# Config files

This tutorial shows basic usage of config files.

## Basic format
We use [YAML format](https://en.wikipedia.org/wiki/YAML) for defining our config files. A config file in Open3D-ML always has the following parameters:

1. `dataset`: Contains key-value pairs related to training, validation and test dataset.  
2. `model`: Contains key-value pairs realted to model architecture.
3. `pipeline`: Contains key-value pairs related to the training, testing and inference pipleine.

For example, `randlanet_semantickitti.yml` config file uses RandLA-Net *model* architecture, SemanticKITTI *dataset* and semantic segmentation *pipeline*. Let us have a look at it's contents as a raw text file.

In [1]:
cfg_file = "../../../ml3d/configs/randlanet_semantickitti.yml"
%pycat {cfg_file}

<div class="alert alert-info">
**Note:** You may find such config files available at <a>https://github.com/isl-org/Open3D-ML/tree/master/ml3d/configs</a>
</div>

### Reading a config file

In order to access the key-value pairs we must load the file into memory as `Config` class object. `Config` class object's usage is very much similar to standard Python dictionary `dict`.

In [2]:
import open3d.ml as _ml3d

cfg = _ml3d.utils.Config.load_from_file(cfg_file)

Jupyter environment detected.

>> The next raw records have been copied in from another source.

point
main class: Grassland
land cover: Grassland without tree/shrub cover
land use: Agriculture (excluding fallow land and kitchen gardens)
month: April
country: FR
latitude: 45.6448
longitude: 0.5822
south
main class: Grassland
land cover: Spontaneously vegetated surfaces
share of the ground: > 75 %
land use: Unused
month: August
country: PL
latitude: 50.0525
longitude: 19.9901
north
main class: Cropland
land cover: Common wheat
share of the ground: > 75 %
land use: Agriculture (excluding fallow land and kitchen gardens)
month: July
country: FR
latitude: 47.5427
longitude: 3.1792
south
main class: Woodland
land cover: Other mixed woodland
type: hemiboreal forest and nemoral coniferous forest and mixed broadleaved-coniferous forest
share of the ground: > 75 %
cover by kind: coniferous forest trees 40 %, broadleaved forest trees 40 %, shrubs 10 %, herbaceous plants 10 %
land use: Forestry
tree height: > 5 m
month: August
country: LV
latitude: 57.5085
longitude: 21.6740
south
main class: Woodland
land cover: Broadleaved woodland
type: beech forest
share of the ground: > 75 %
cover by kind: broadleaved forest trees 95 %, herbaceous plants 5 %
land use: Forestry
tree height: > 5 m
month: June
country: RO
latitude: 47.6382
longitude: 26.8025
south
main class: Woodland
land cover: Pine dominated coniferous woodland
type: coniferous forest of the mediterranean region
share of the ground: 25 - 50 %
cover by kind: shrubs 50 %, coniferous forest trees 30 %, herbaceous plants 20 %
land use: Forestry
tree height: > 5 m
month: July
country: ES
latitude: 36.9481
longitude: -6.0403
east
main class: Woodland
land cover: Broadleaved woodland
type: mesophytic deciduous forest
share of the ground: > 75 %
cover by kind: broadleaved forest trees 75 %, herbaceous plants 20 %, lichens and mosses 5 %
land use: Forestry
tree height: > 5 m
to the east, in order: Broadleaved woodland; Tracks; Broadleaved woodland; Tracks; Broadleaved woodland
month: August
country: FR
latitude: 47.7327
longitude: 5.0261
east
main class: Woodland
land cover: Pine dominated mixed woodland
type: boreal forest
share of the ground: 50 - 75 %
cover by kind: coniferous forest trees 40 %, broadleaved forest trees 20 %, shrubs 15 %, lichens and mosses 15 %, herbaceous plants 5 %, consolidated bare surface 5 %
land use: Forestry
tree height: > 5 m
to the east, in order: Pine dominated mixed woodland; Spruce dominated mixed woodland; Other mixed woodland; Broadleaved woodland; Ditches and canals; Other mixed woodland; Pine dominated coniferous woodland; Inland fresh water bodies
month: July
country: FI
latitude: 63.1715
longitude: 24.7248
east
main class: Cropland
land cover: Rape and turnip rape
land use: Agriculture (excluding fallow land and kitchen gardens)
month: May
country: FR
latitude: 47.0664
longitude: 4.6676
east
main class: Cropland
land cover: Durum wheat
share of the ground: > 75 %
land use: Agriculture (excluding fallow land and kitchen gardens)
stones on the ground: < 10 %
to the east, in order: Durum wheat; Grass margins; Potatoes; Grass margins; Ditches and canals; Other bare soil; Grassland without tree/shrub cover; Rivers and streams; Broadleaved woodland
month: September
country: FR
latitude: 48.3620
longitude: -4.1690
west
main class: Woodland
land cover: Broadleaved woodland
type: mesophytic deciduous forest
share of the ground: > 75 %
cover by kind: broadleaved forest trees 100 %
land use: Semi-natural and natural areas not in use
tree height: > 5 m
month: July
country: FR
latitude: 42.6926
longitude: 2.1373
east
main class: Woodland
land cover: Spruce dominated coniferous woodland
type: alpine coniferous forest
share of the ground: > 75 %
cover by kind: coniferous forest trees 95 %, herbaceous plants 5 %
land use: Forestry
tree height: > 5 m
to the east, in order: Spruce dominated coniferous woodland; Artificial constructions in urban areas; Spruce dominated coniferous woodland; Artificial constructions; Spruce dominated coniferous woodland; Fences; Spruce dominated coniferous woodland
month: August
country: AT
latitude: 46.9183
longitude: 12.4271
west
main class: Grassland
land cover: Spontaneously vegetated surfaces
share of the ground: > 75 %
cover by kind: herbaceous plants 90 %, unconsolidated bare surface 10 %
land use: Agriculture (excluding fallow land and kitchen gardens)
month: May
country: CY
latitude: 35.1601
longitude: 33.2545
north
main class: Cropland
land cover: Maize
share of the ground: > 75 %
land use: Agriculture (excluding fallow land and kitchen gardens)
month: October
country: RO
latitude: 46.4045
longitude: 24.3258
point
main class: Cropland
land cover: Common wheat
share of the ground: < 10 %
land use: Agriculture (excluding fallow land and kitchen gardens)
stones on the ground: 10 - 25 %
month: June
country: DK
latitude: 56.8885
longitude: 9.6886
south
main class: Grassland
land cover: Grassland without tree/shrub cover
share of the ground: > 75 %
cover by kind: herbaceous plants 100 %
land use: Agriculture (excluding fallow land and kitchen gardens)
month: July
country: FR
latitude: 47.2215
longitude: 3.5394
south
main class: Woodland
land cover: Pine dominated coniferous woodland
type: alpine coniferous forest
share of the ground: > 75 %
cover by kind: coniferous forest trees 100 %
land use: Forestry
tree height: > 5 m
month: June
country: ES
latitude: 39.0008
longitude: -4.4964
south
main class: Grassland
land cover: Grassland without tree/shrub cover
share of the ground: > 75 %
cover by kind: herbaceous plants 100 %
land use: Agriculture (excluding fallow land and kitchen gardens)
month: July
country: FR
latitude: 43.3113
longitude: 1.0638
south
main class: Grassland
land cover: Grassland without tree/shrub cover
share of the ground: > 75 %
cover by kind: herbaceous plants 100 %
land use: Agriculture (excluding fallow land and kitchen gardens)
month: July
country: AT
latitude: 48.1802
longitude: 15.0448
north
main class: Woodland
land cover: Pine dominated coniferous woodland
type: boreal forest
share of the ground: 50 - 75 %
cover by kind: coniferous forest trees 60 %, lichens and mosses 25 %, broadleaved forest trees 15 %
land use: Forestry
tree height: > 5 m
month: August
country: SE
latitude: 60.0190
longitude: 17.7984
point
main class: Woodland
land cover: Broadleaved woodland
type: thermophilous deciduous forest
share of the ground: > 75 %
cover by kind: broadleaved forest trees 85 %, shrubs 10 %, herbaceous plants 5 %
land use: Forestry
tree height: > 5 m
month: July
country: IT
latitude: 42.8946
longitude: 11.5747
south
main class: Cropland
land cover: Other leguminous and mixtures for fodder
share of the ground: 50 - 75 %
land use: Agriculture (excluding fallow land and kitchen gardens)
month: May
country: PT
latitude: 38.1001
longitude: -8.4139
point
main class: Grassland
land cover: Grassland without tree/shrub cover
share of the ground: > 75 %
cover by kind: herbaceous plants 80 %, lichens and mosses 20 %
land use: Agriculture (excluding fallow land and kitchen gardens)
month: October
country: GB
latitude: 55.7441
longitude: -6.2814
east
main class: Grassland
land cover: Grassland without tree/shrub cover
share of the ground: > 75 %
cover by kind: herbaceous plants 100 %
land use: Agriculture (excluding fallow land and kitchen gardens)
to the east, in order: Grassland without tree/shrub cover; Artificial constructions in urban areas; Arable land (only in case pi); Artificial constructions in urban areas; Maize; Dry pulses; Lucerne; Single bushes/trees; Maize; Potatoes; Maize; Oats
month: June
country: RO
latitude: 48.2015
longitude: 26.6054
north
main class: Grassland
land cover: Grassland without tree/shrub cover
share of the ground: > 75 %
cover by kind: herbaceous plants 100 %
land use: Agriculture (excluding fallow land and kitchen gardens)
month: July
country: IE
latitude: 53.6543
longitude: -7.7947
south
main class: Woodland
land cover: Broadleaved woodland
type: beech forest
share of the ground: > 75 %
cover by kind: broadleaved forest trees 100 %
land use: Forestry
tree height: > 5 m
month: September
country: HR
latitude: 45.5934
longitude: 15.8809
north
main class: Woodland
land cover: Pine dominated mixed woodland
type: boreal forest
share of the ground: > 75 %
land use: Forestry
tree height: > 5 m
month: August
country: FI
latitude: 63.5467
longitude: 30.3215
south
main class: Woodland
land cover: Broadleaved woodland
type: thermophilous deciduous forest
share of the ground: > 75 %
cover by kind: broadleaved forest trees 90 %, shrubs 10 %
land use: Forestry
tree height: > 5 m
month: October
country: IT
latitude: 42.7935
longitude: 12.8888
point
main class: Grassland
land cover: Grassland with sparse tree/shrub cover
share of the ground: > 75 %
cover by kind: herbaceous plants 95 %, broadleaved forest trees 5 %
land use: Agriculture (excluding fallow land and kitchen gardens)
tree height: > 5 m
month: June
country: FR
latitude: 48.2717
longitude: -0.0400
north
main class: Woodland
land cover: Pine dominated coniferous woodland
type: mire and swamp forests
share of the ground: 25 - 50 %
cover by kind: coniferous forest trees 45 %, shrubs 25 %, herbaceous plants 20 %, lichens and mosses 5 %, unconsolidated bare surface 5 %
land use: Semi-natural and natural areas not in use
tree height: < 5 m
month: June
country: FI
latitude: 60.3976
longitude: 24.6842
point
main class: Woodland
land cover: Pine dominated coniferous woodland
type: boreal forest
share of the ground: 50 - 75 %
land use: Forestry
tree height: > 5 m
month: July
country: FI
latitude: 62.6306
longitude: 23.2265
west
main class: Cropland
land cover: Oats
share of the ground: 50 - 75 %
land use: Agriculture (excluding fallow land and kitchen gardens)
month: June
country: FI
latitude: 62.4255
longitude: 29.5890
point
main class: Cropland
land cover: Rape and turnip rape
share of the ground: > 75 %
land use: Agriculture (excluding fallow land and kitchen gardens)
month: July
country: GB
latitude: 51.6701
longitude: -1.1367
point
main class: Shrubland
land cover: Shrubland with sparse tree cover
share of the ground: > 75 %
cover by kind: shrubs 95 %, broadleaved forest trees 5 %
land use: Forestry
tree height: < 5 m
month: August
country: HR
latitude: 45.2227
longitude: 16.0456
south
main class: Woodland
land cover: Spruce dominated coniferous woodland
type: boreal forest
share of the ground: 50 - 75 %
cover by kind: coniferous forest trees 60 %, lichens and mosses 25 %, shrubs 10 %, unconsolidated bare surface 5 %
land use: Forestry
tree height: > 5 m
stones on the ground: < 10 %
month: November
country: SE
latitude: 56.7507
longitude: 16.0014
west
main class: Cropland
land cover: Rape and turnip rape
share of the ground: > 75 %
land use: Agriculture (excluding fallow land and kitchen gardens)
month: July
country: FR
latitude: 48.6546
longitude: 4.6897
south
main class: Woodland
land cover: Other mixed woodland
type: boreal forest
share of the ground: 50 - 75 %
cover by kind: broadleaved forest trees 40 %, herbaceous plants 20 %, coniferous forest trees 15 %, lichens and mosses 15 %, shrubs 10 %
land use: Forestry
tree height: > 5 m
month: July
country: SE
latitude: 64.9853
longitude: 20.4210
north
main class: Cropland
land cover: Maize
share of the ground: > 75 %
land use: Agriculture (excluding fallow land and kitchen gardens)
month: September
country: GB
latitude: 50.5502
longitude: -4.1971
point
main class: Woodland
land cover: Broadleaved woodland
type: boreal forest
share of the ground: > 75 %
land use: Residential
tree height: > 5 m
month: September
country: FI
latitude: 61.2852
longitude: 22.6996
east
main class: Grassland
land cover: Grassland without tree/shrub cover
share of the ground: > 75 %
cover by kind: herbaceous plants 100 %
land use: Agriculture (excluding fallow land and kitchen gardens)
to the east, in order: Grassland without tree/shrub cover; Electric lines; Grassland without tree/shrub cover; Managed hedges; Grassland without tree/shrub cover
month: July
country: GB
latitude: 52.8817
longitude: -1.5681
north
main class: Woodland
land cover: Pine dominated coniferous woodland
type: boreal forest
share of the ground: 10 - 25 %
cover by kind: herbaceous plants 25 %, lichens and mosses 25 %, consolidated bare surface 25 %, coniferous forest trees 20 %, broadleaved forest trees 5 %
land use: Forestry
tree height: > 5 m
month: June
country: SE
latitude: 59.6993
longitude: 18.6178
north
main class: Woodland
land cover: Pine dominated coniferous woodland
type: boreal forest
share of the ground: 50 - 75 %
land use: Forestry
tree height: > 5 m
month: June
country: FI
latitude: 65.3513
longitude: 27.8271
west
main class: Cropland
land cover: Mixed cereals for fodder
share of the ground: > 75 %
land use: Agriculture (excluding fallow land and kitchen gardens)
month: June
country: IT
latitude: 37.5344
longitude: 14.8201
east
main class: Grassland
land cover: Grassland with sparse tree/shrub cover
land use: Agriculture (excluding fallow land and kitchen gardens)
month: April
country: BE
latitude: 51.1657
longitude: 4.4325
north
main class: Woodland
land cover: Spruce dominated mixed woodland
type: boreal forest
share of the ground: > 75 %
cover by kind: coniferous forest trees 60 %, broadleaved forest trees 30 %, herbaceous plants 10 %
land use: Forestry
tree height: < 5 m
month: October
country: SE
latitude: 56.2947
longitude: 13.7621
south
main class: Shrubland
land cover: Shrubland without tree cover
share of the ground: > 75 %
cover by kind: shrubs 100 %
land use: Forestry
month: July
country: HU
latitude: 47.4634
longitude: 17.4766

Enabling Open3D WebVisualizer.
[Open3D INFO] WebRTC GUI backend enabled.
[Open3D INFO] WebRTCWindowSystem: HTTP handshake server disabled.


`_ml3d.utils.Config.load_from_file(cfg_file)` takes path to config file as input and returns `Config`. 

<div class="alert alert-info">
**Note:**  To avoid `FileNotFoundError`, always make sure that the config file exists at the given location. The config file must be a valid YAML file!  </div>

## Accessing parameters

Built-in function `vars` grabs all the properties of the object as dictionary

In [3]:
vars(cfg)

{'_cfg_dict': {'dataset': {'name': 'SemanticKITTI',
   'dataset_path': None,
   'cache_dir': './logs/cache',
   'class_weights': [55437630,
    320797,
    541736,
    2578735,
    3274484,
    552662,
    184064,
    78858,
    240942562,
    17294618,
    170599734,
    6369672,
    230413074,
    101130274,
    476491114,
    9833174,
    129609852,
    4506626,
    1168181],
   'test_result_folder': './test',
   'test_split': ['11',
    '12',
    '13',
    '14',
    '15',
    '16',
    '17',
    '18',
    '19',
    '20',
    '21'],
   'training_split': ['00',
    '01',
    '02',
    '03',
    '04',
    '05',
    '06',
    '07',
    '09',
    '10'],
   'all_split': ['00',
    '01',
    '02',
    '03',
    '04',
    '05',
    '06',
    '07',
    '09',
    '08',
    '10',
    '11',
    '12',
    '13',
    '14',
    '15',
    '16',
    '17',
    '18',
    '19',
    '20',
    '21'],
   'validation_split': ['08'],
   'use_cache': True,
   'sampler': {'name': 'SemSegRandomSampler'}},
  'm

You can list all the keys in the top most level using:

In [4]:
cfg.keys()

dict_keys(['dataset', 'model', 'pipeline'])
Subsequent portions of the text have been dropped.